Locally based CPA firm since 1956

The Markets – Again U.S. equities experienced a rough and volatile month in April. The S&P 500 index finished the month slightly positive, inching up 0.30% leaving it at a year-to-date loss of (1.28%). The major benchmarks were flat to modestly lower as investors reacted to the flow of earnings reports. According to T. Rowe Price, with about 42% of the companies in the S&P 500 Index reporting thus far, the small utilities and real estate sectors outperformed within the S&P 500, while the industrials segment performed worst. Stocks suffered most of their declines, driven in part by a drop in industrial giants such as Caterpillar and 3M as both companies cautioned that profits may have reached a “high-water mark for the year.”

Across the pond, European stocks broadly gained as corporate earnings generally met or exceeded expectations and investors welcomed a seemingly dovish monetary policy statement from the European Central Bank (ECB). After the release of about one-third of quarterly European corporate earnings reports, T. Rowe Price traders noted that the market seemed to be interpreting the results positively, although there was substantial dispersion of results within sectors. Investors appeared more willing to shrug off disappointing results from individual companies as sentiment improved toward the end of the week.

Washington – French President Emmanuel Macron visited Washington, D.C., where he displayed a friendly relationship with U.S. President Donald Trump but criticized protectionist trade policies in an address to a joint session of Congress. German Chancellor Angela Merkel met with Trump on Friday in Washington, where the two were also expected to discuss trade policy.

Trade relations between the U.S. and China remained on a low boil as officials from both sides worked behind the scenes to resolve their respective tariff threats. Nevertheless, the threat of an all-out trade war still looms in the background, where the U.S.-China trade spat adds risk to global economic growth.

As the month of April came to a close, overnight President Trump delayed until June tariffs that were set to take effect on May 1 against steel and aluminum imported from the European Union, Mexico and Canada. Agreements to avoid tariffs were in place with Australia, Brazil and Argentina, the White House said. In March, tariffs went into effect against China, Russia and Japan.

The Economy – Another factor on investor’s radar: the Federal Open Market Committee begins its two-day meeting this morning, May 1, in Washington, D.C. The meeting is expected to wrap up with a rate policy decision Wednesday afternoon. Most economists expect the Fed to raise rates 3 times this year but seem mixed about the timing of the rate hikes.

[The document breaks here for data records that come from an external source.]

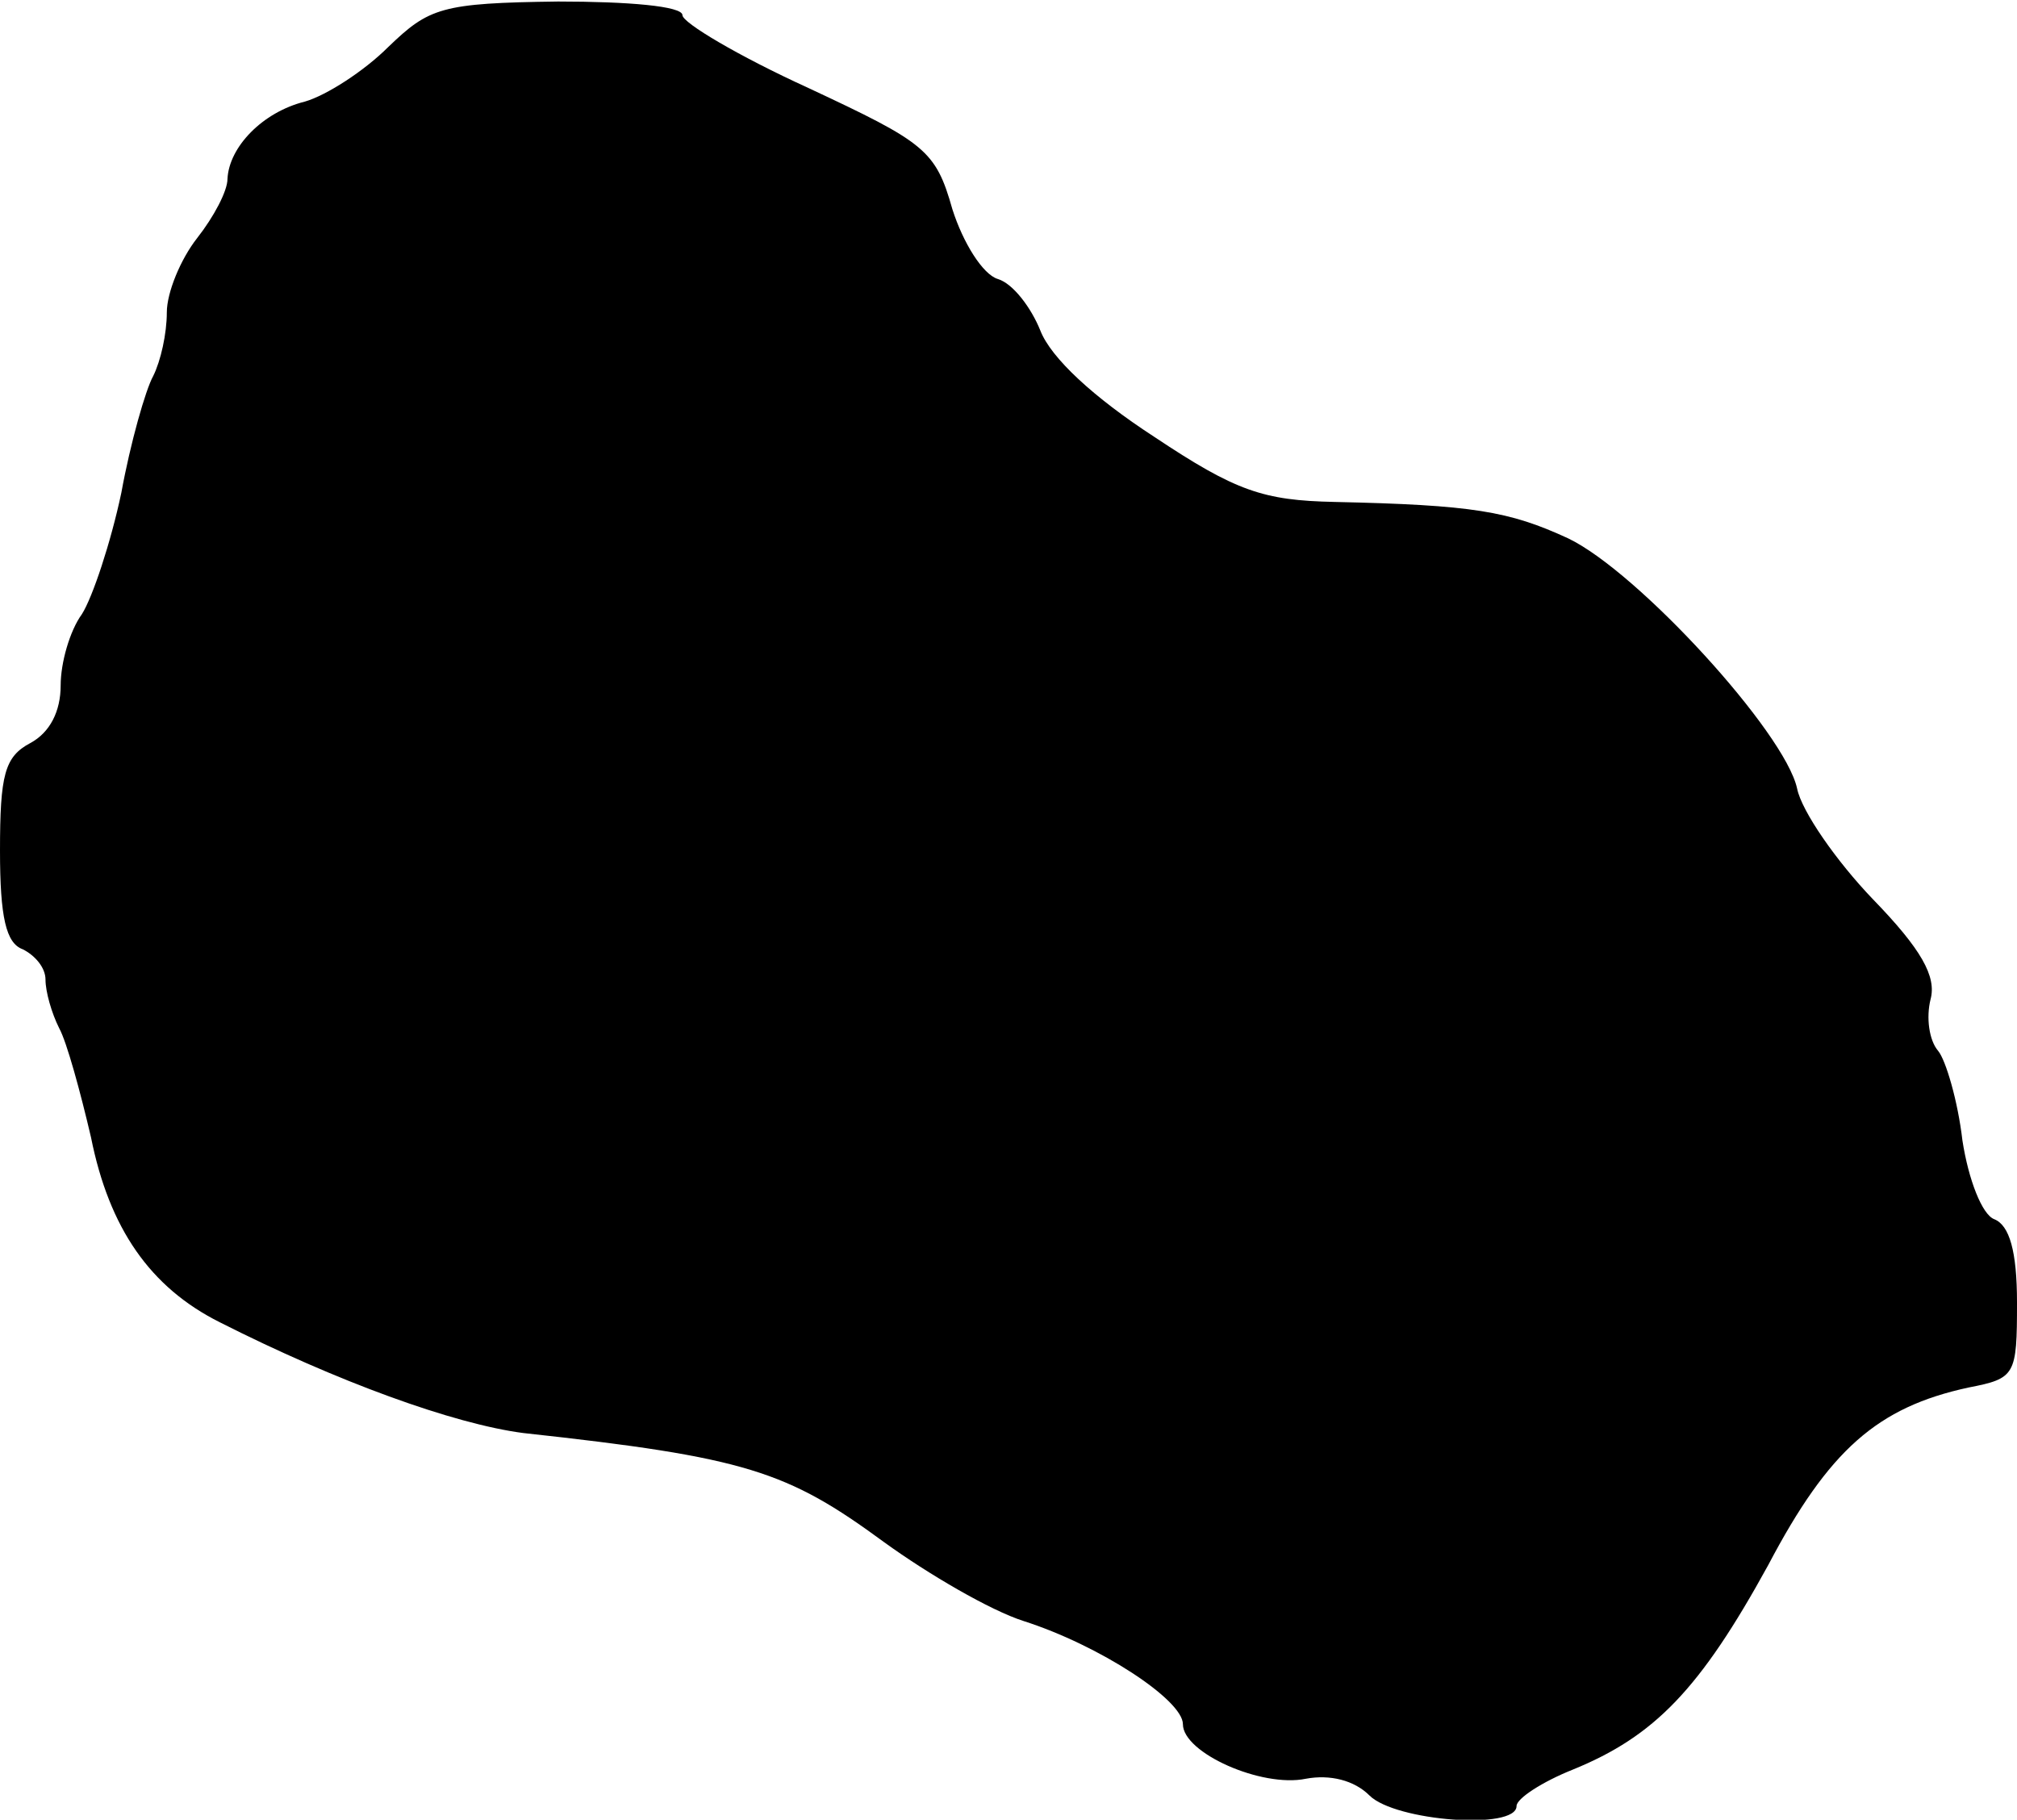 <?xml version="1.0" standalone="no"?>
<!DOCTYPE svg PUBLIC "-//W3C//DTD SVG 20010904//EN"
 "http://www.w3.org/TR/2001/REC-SVG-20010904/DTD/svg10.dtd">
<svg version="1.0" xmlns="http://www.w3.org/2000/svg"
 width="133pt" height="120pt" viewBox="0 0 133 120"
 preserveAspectRatio="xMidYMid meet">
<g transform="translate(0,120) scale(0.1,-0.1)"
fill="#000000" stroke="none">
<path d="M256 1169 c-16 -16 -41 -32 -55 -36 -28 -7 -50 -30 -51 -51 0 -8 -9
-25 -20 -39 -11 -14 -20 -36 -20 -49 0 -14 -4 -32 -9 -42 -5 -9 -15 -44 -21
-77 -7 -33 -19 -69 -26 -80 -8 -11 -14 -32 -14 -47 0 -17 -7 -31 -20 -38 -17
-9 -20 -21 -20 -71 0 -44 4 -61 15 -65 8 -4 15 -12 15 -20 0 -8 4 -22 9 -32 5
-9 14 -42 21 -72 12 -60 39 -99 85 -122 77 -39 154 -67 200 -73 147 -16 174
-25 238 -72 29 -21 70 -45 92 -52 50 -16 105 -52 105 -68 0 -19 52 -42 81 -36
16 3 32 -1 42 -11 17 -17 97 -23 97 -7 0 5 17 16 37 24 54 22 84 53 129 135
40 76 72 104 132 117 31 6 32 8 32 56 0 34 -5 51 -15 55 -8 3 -17 26 -21 52
-3 26 -11 53 -16 59 -6 7 -8 22 -5 34 4 15 -6 33 -38 66 -24 25 -47 58 -50 73
-8 37 -105 143 -151 165 -39 18 -63 22 -154 24 -47 1 -65 7 -119 43 -40 26
-68 52 -75 70 -6 15 -18 31 -28 34 -10 3 -23 24 -30 46 -11 39 -18 44 -95 80
-46 21 -83 43 -83 48 0 6 -36 9 -82 9 -77 -1 -85 -4 -112 -30z"/>
</g>
</svg>

The Fiduciary Rule  – In the long, strange tale of the Department of Labor (DOL) fiduciary rule, originally scheduled to be phased in from April 10, 2017 to January 1, 2018, there is yet another installment.

President Trump asked for a review of the fiduciary rule in 2017. On March 15, 2018 The Fifth Circuit Court of Appeals, based in New Orleans, vacated the fiduciary rule in a 2-1 decision, saying it constituted “unreasonableness” and the DOL’s implementation of the rule constitutes “an arbitrary and capricious exercise of administrative power.” The case will like go to the Supreme Court.

The fiduciary rule expanded the “investment advice fiduciary” definition under the Employee Retirement Income Security Act of 1974 (ERISA). Running 1,023 pages in length, it automatically elevated all financial professionals who work with retirement plans or provide retirement planning advice to the level of a fiduciary, bound legally and ethically to meet the standards of that status. While the new rules were likely to have had at least some impact on all financial advisors, it was expected that those who work on commission, such as brokers and insurance agents, would be impacted the most.

Fiduciary is a much higher level of accountability than the suitability standard previously required of financial salespersons, such as brokers, planners and insurance agents, who work with retirement plans and accounts.

Salespersons such as brokers and agents are subject to FINRA’s suitability rule. FINRA’s suitability rule states that firms and their associated persons “must have a reasonable basis to believe” that a transaction or investment strategy involving securities that they recommend is suitable for the customer. Most brokers will commonly refer to the “know your customer rule: The Know Your Customer Rule 2090 essentially states that every broker-dealer should use reasonable effort when opening and maintaining client accounts. It is a requirement to know and keep records on the essential facts of each customer as well as identify each person who has authority to act on the customer’s behalf.

As an Independent Registered Investment Advisor, WCM Wealth LLC. is held to the standard of the Fiduciary Rule and thus must not only insure investments are suitable, but that the investments are in the best interest of the client.